Но тогда, в конце войны, всё это списывалось на «перегибы на местах», а неожиданный «роман» государства с православием воспринимался на фоне предыдущих гонений как великое благо, возможно — начало возрождения прежней России. Ведь не только появился Патриарх — в армии и других ведомствах ввели погоны, учредили ордена, посвященные Александру Невскому, Суворову, Кутузову, Ушакову, Нахимову, вернули слово «офицер»; в составе бронетанковых войск воевала колонна «Димитрий Донской», средства на строительство которой были собраны верующими; линкорам «Марат» и «Парижская коммуна» вернули исконные имена «Петропавловск» и «Севастополь», а городам Красногвардейску и Слуцку — старые названия Гатчина и Павловск; больше не был гимном СССР «Интернационал»; ушли в прошлое Коминтерн и КИМ (Коммунистический интернационал молодежи); ввели раздельное обучение мальчиков и девочек в школах, как это было в дореволюционнных гимназиях… В январе 1944 года произошло небольшое, но поистине ошеломляющее событие — сразу четырем городским объектам Ленинграда были возвращены названия, связанные с храмами. Тогда площадь Воровского стала, как и до 1923 года, Исаакиевской, площадь Плеханова — Казанской, проспект Нахимсона — Владимирским проспектом, улица Розы Люксембург — Введенской улицей. Наконец, тихо и бесславно почил Союз воинствующих безбожников (формально его упразднили в 1947-м). Казалось, страна возвращается к самой себе — истинной, подлинной.
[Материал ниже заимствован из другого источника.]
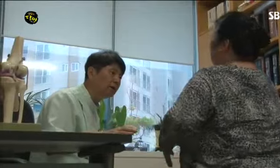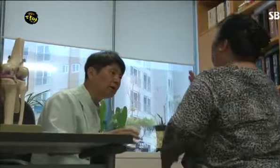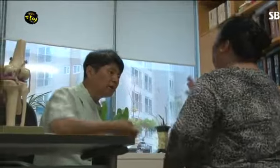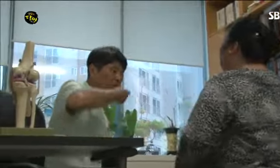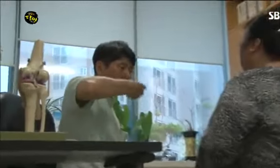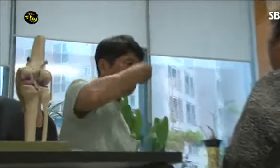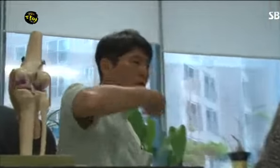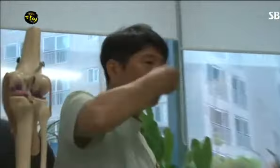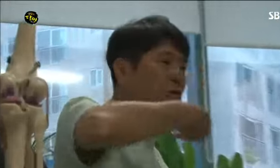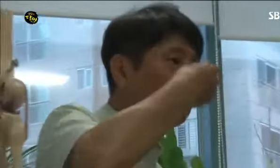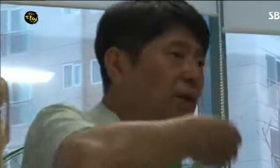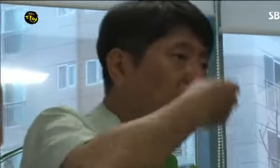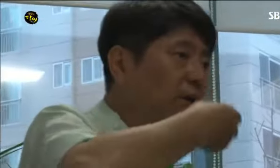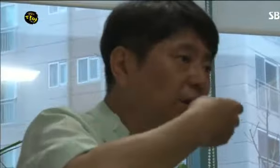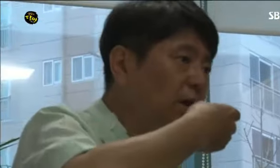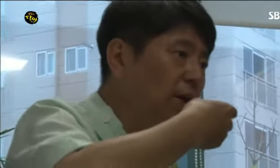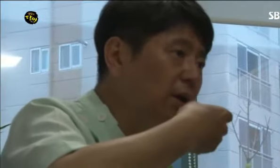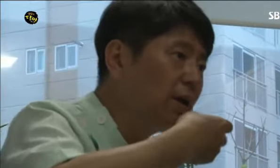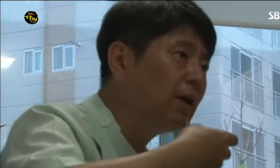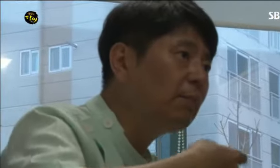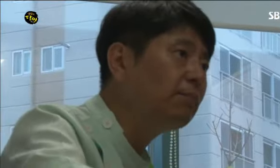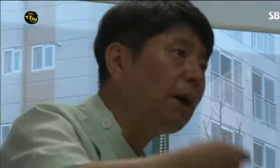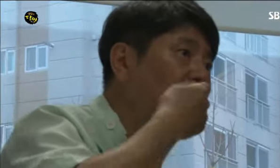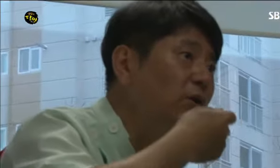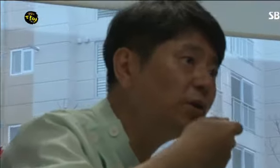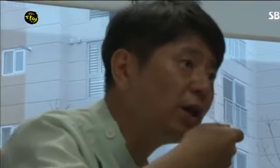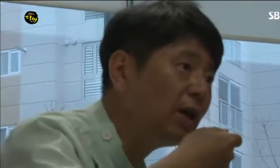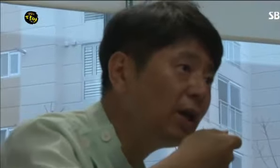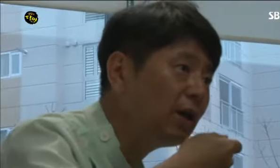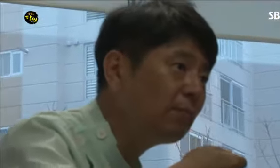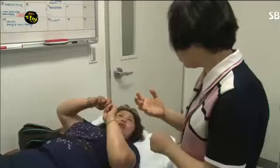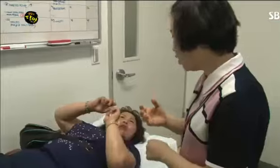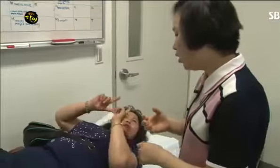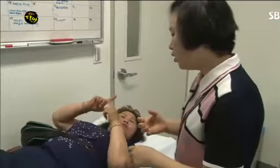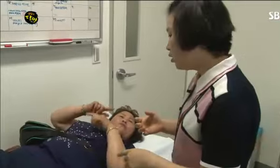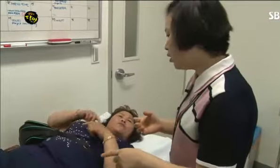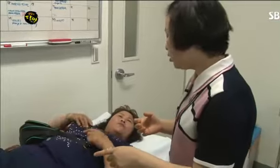그런데 여기, 서로의 이야기를 들을 수 있게 도와주는 한 사람이 있습니다.

Именно на этом радостном фоне Иван Михайлович Крестьянкин всё чаще и чаще вспоминал пророчество епископа Николая: окончишь школу, поработаешь, примешь сан, послужишь, а потом непременно будешь монахом… Ну что же, первые два пункта были им выполнены. Он был уже не юношей и даже не молодым человеком — 34 года… Совета, по обыкновению, спрашивал в молитве. А получил его во сне, как это уже бывало раньше.
Вернее, снов этих было два. Один он увидел еще в 1941-м — ладью с тремя крестами, и догадался, что число крестов — это годы, которые предстоит еще прожить в миру. А потом ему приснилась Оптина пустынь. Иван узнал преподобного Амвросия Оптинского — самого великого старца за всю историю Русской Церкви. Старец принимал паломников, но на Ивана не обращал никакого внимания. И вот когда ушел последний посетитель, старец подошел к Ивану, обнял его и, обратившись к послушнику, произнес: «Принеси два облачения, мы с ним вместе служить будем». И повел Ивана внутрь незнакомой старинной церкви. На этом сон и закончился. Был он настолько ярким, что Крестьянкин в полуяви начал было объяснять старцу, что не рукоположен и потому служить с ним не может… Тут-то и проснулся окончательно.
Стоял жаркий июль 1944-го. Москве этот месяц запомнился «парадом» пленных немцев, которых провели через город 17-го числа. Красная армия наступала в Латвии, Литве, завершила освобождение Белоруссии и, форсировав Буг, гнала оккупантов из Польши. Почти каждый вечер, а то и несколько раз за вечер гремели над Москвой победные салюты. 20 июля в Германии группа антинацистски настроенных генералов и офицеров совершила неудачное покушение на Гитлера. А в Москве в этот самый день скромный помощник главного бухгалтера Иван Михайлович Крестьянкин получал расчет на своем предприятии. Прощай, арифмометр «Феликс» и черные нарукавники, прощайте, милые женщины-сослуживицы!.. На душе было немного грустно, но и радостно. Радостно от того, что начиналась новая жизнь, та жизнь, к которой он стремился уже давно, к которой готовился, просиживая ночи над старыми книгами. Под праздник Казанской иконы Божией Матери Иван Крестьянкин был назначен псаломщиком в храм Рождества Христова в Измайлове.